Cassandra-stress load, when is running on multi DC cluster, sends the requests to one DC only, where loader is located

juliayakovlev commented 1 year ago

Issue description

[x] This issue is a regression.
[ ] It is unknown if this issue is a regression.

Problem

Cassandra-stress load, when is running on multi DC cluster, sends the requests:

Scylla-tools version: scylla-tools-2023.1.0~rc3-0.20230321.80de75947b7a: to one DC only, where loader is located (not expected).
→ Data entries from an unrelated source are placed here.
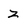
Character: z
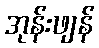
အုန်းဖျန်
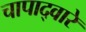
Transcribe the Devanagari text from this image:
चापाद्वारे
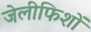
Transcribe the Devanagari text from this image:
जेलीफिशों
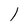
Character: l
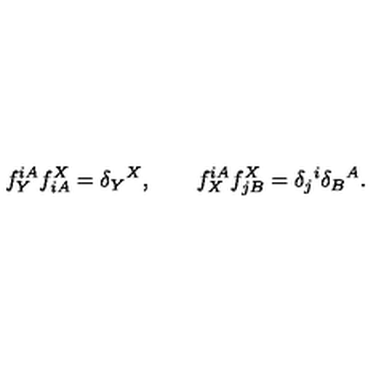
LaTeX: f _ { Y } ^ { i A } f _ { i A } ^ { X } = \delta _ { Y } { } ^ { X } , \qquad f _ { X } ^ { i A } f _ { j B } ^ { X } = \delta _ { j } { } ^ { i } \delta _ { B } { } ^ { A } .
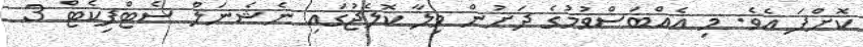
ކޮށްފަ އެވެ. މި އެއްބަސްވުމުގެ ދަށުން ވިލާ ކޮލެޖުގައި ނެޝެނަލް ސެޓްފިކެޓް 3
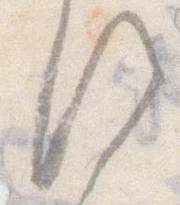
す
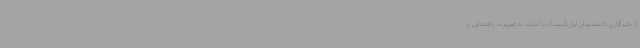
از خبرگزاری دانشجویان ایران(ایسنا)، با اشاره به ضرورت راهنمایی و
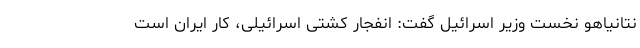
نتانیاهو نخست وزیر اسرائیل گفت: انفجار کشتی اسرائیلی، کار ایران است
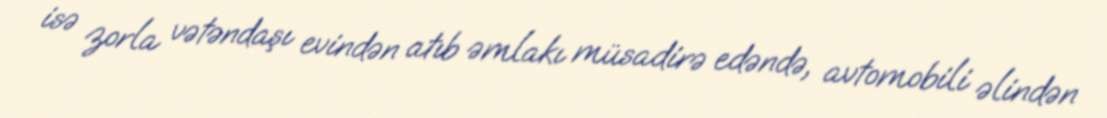
isə zorla vətəndaşı evindən atıb əmlakı müsadirə edəndə, avtomobili əlindən
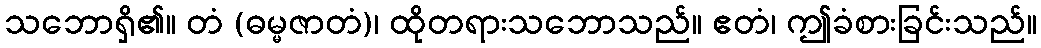
သဘောရှိ၏။ တံ (ဓမ္မဇာတံ)၊ ထိုတရားသဘောသည်။ ဧတံ၊ ဤခံစားခြင်းသည်။
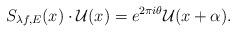
LaTeX: \begin{align*}S_{\lambda f,E}(x)\cdot \mathcal{U}(x)=e^{2\pi i \theta}\mathcal{U}(x+\alpha).\end{align*}
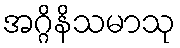
အဂ္ဂိနိသမာသု

Scylla-tools version scylla-tools-2022.2.dev-0.20220330.eef4cbb20a51 : to all nodes (as expected)

Sorry, I did not find how I can get driver version

Description

Scylla-tools version: scylla-tools-2023.1.0~rc3-0.20230321.80de75947b7a . Cluster with 9 nodes are spreded on 3 DCs:

"eu-west-1" - 4 nodes
"us-west-2" - 3 nodes
"us-east-1" - 2 nodes

The test runs with 3 loaders. All loaders are located on "eu-west-1".

c-s commands are sent to all nodes (from all data centers):

cassandra-stress user profile=/tmp/c-s_lwt_big_data_multidc.yaml n=10000000 ops'(insert_query=1)' cl=QUORUM -mode native cql3 -rate threads=1000 -transport 'truststore=/etc/scylla/ssl_conf/client/cacerts.jks truststore-password=cassandra' 
-node 10.4.1.250,10.4.0.195,10.4.3.48,10.4.3.6,10.15.0.186,10.15.3.127,10.15.3.160,10.12.1.56,10.12.2.57 -errors skip-unsupported-columns

Keyspace definition with class NetworkTopologyStrategy:

  CREATE KEYSPACE IF NOT EXISTS cqlstress_lwt_example WITH replication = {'class': 'NetworkTopologyStrategy', 'eu-westscylla_node_west': 3, 'us-west-2scylla_node_west': 2, 'us-eastscylla_node_east': 1};

From the "Requests served per instance" graph we can see that only 4 instances received the requests: unnamed

I ran same test using Scylla-tools version scylla-tools-2022.2.dev-0.20220330.eef4cbb20a51 (https://jenkins.scylladb.com/view/staging/job/scylla-staging/job/yulia/job/longevity-lwt-24h-multidc-test/3/). In this run all nodes are received requests. unnamed

Impact

Describe the impact this issue causes to the user.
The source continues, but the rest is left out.